# Devils Lake Weekend Fishing Report



## nodakoutdoors.com (Feb 27, 2002)

We fished the lake hard this weekend. We launched out of Minnewaukan and off HW 281 at Pelican Lake.

Friday-Saturday we fished the west end of the lake going central. We ran spinners from Bluebill Point to West Gap and along the rocks at HW 19. The rocks produced a lot of fish but not much size. We also threw bobbers in the trees around the Gap, and towards Graham's Island and picked up some nice ones. We also caught a lot of fish along the highway going into Graham's.

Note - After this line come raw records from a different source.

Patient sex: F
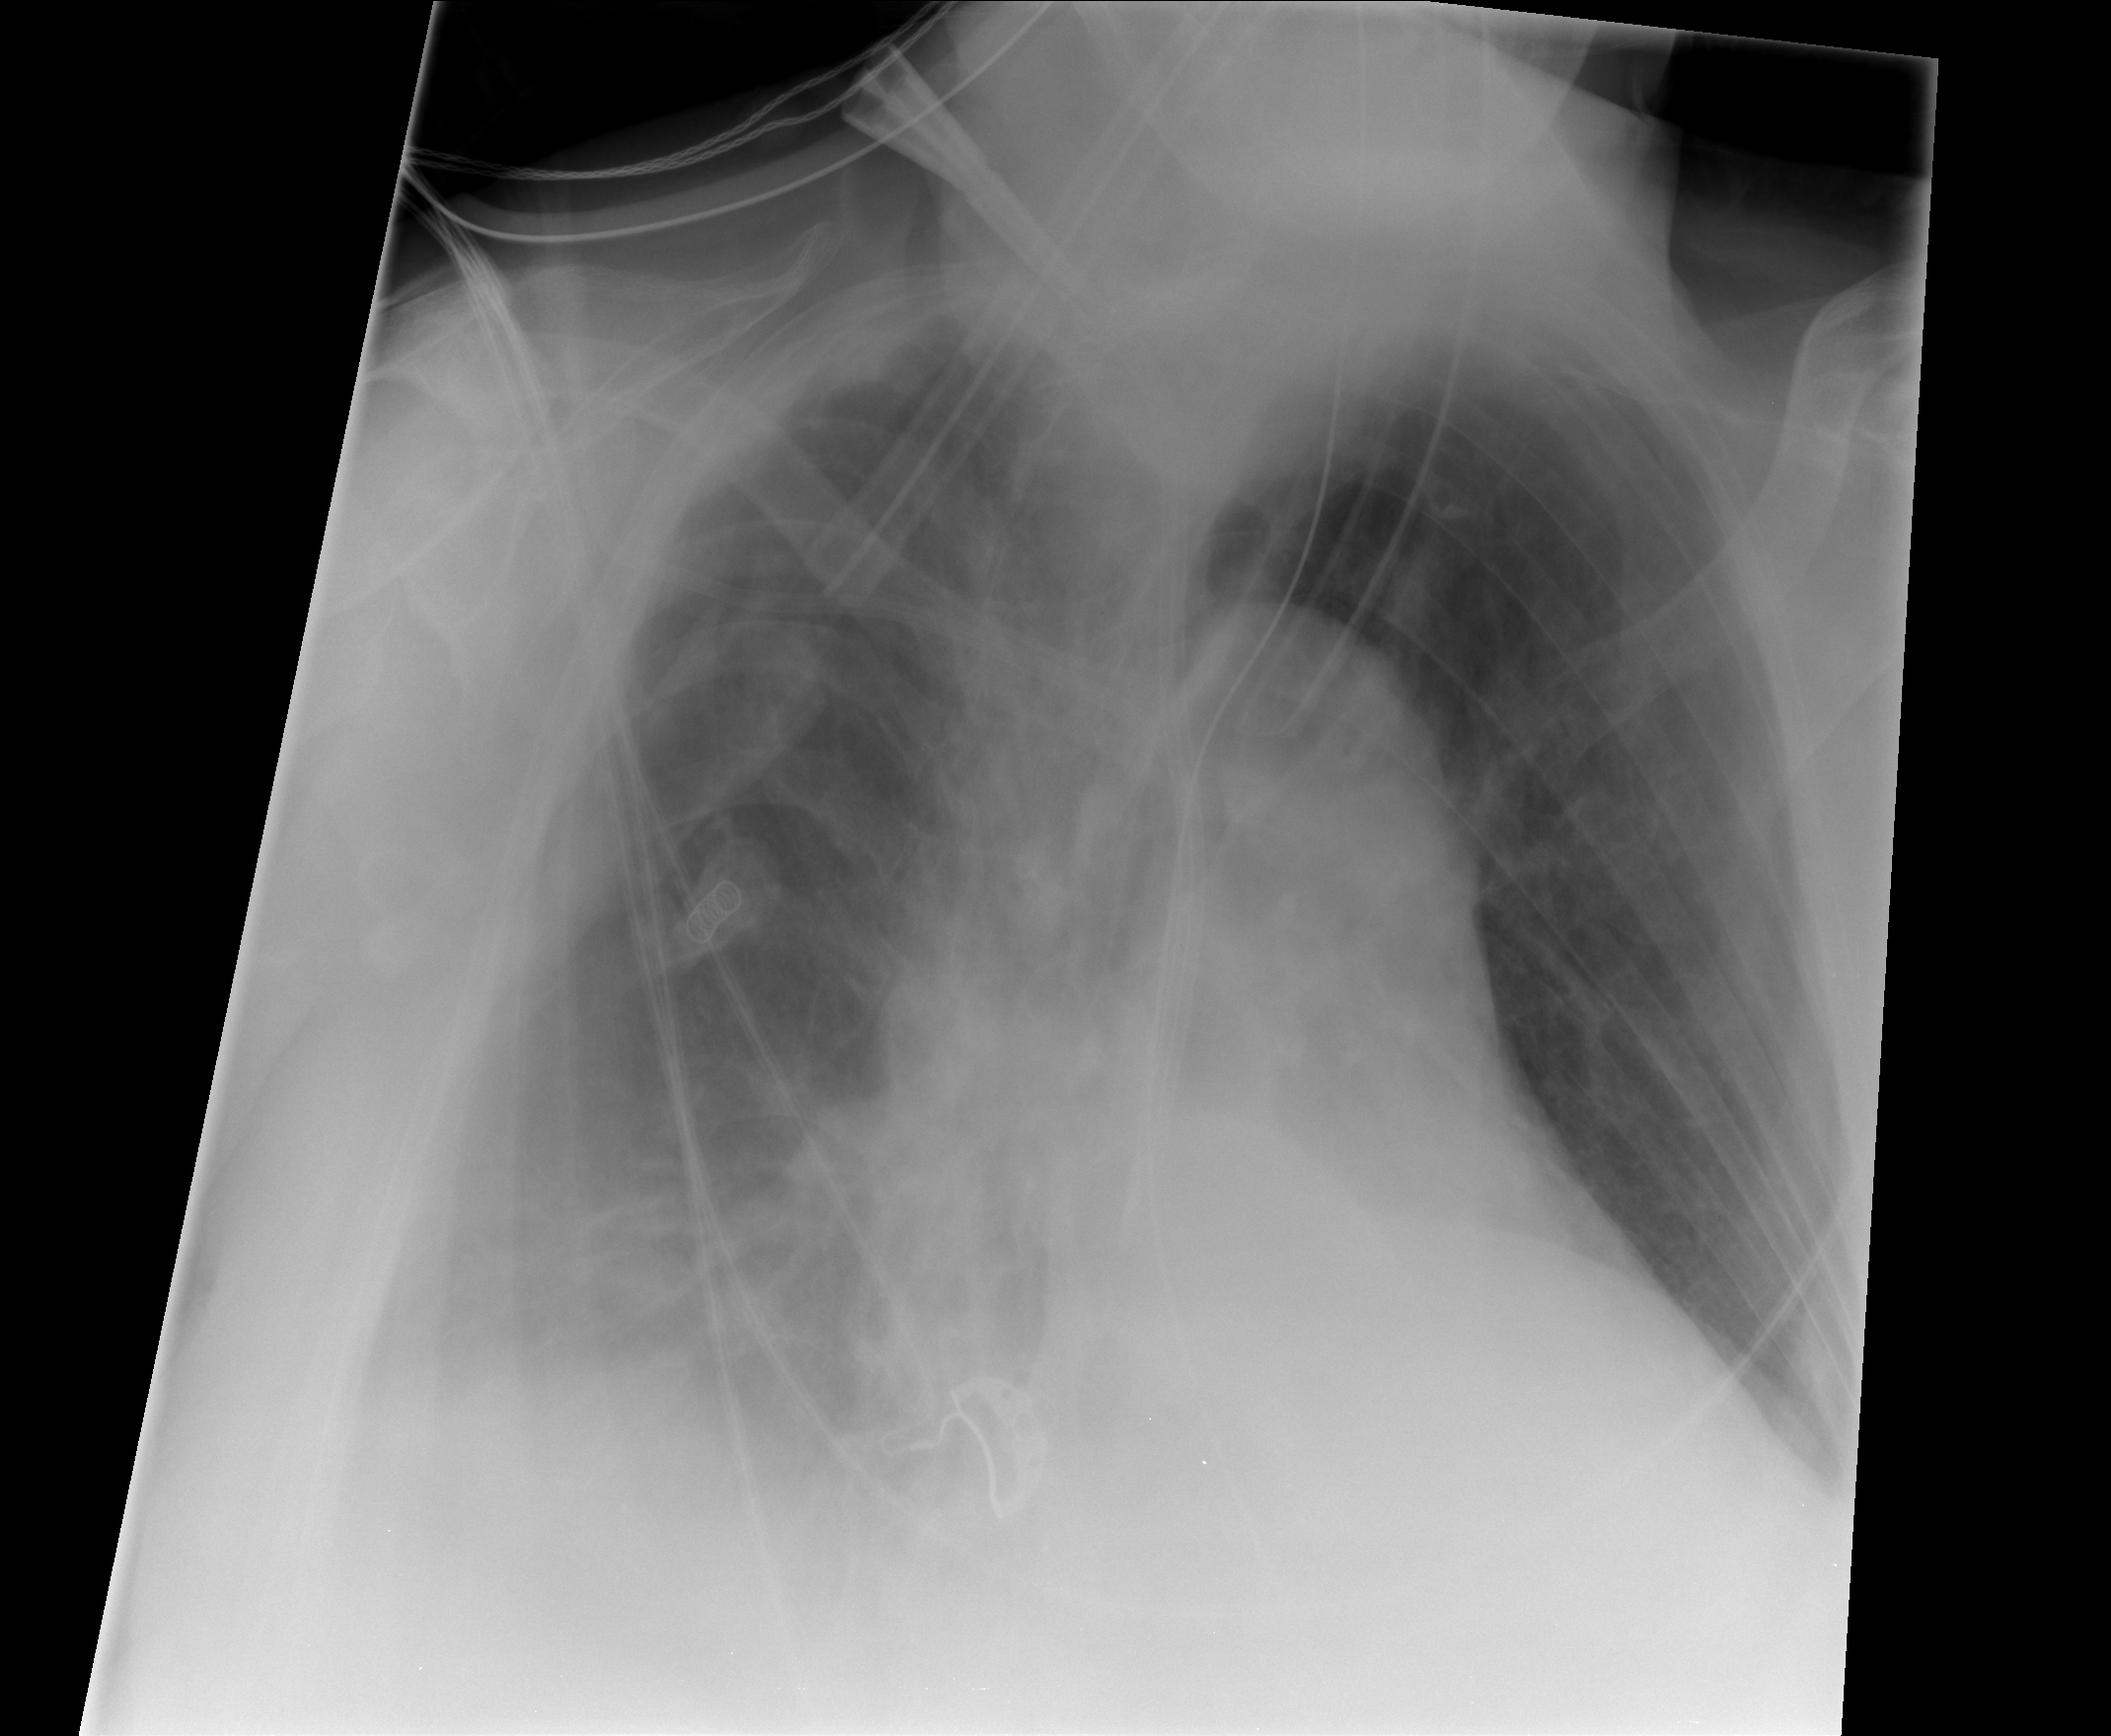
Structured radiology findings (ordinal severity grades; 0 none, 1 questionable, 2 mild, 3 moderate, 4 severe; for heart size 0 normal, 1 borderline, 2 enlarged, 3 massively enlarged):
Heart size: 2
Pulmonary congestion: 0
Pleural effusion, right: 2
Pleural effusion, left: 0
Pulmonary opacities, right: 0
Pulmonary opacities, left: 0
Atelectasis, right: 2
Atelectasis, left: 0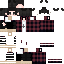
A male human skin with dark skin, wearing brown long hair dressed in a red hoodie and black pants, featuring a closed mouth.
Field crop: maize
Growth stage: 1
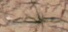
Species: lolium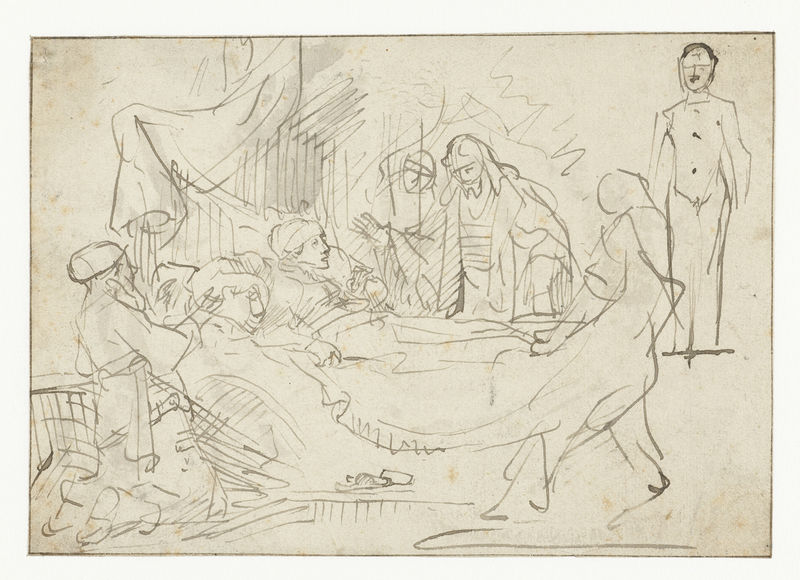
Titel: Christus wekt de dochter van Jaïrus op
Künstler: Rembrandt Harmensz. van Rijn
Standort: Amsterdam
Institution: Rijksmuseum
Schlagwörter: mann, schatten, weiß, grob, menschen, frau, schwarz, skizze, zeichnung, mütze, diener, tod, vorhang, decke, liegen, schuhe, kaiser, kissen, bett, bettdecke, spitzweg, tusche, krank, religion, kohle, schraffur, radierung, knien, soldat, zille, bleistift, arzt, beten, entwurf, tinte, pfarrer, kranker, butler, knieen, leigend, krankenbett, schraffierung, sterbebett, kienend, zeichning6, kaiter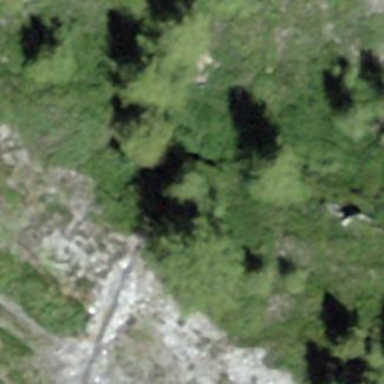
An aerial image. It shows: Forest area.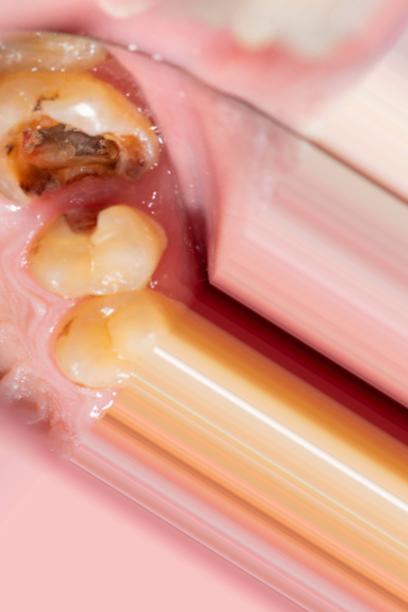
Condition: Caries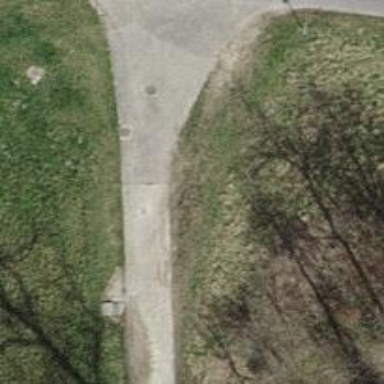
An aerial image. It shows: Well-maintained track road of grade 1.
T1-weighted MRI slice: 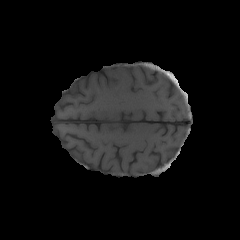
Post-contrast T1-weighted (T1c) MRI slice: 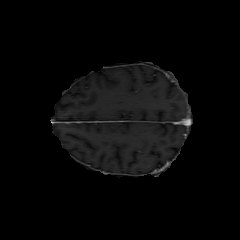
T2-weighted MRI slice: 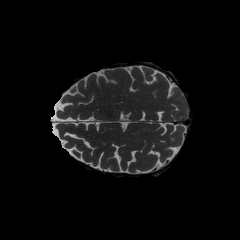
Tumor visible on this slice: no

We fished Pelican Lake on Sunday and got into a lot of big fish between 20-24". We ran crankbaits and planer boards off the train tracks and all but 2 fish came on the boards. We used Rapala floating raps in #5, #9, #11, #13s. We also used Salmo Hornets. The blue #9 running on the shallow board picked up most of the fish as did the #13 firetiger on the deepest end.

Caught one heck of a good sunburn too.....good times.


----------



## jbaincfl (Feb 5, 2003)

Chris - We were in Devils Lake that Thurs - Sunday as well. We also had great luck casting #5's along the railroad tracks in Pelican as well. Not the fastest bite but every walleye we caught was a nice eater.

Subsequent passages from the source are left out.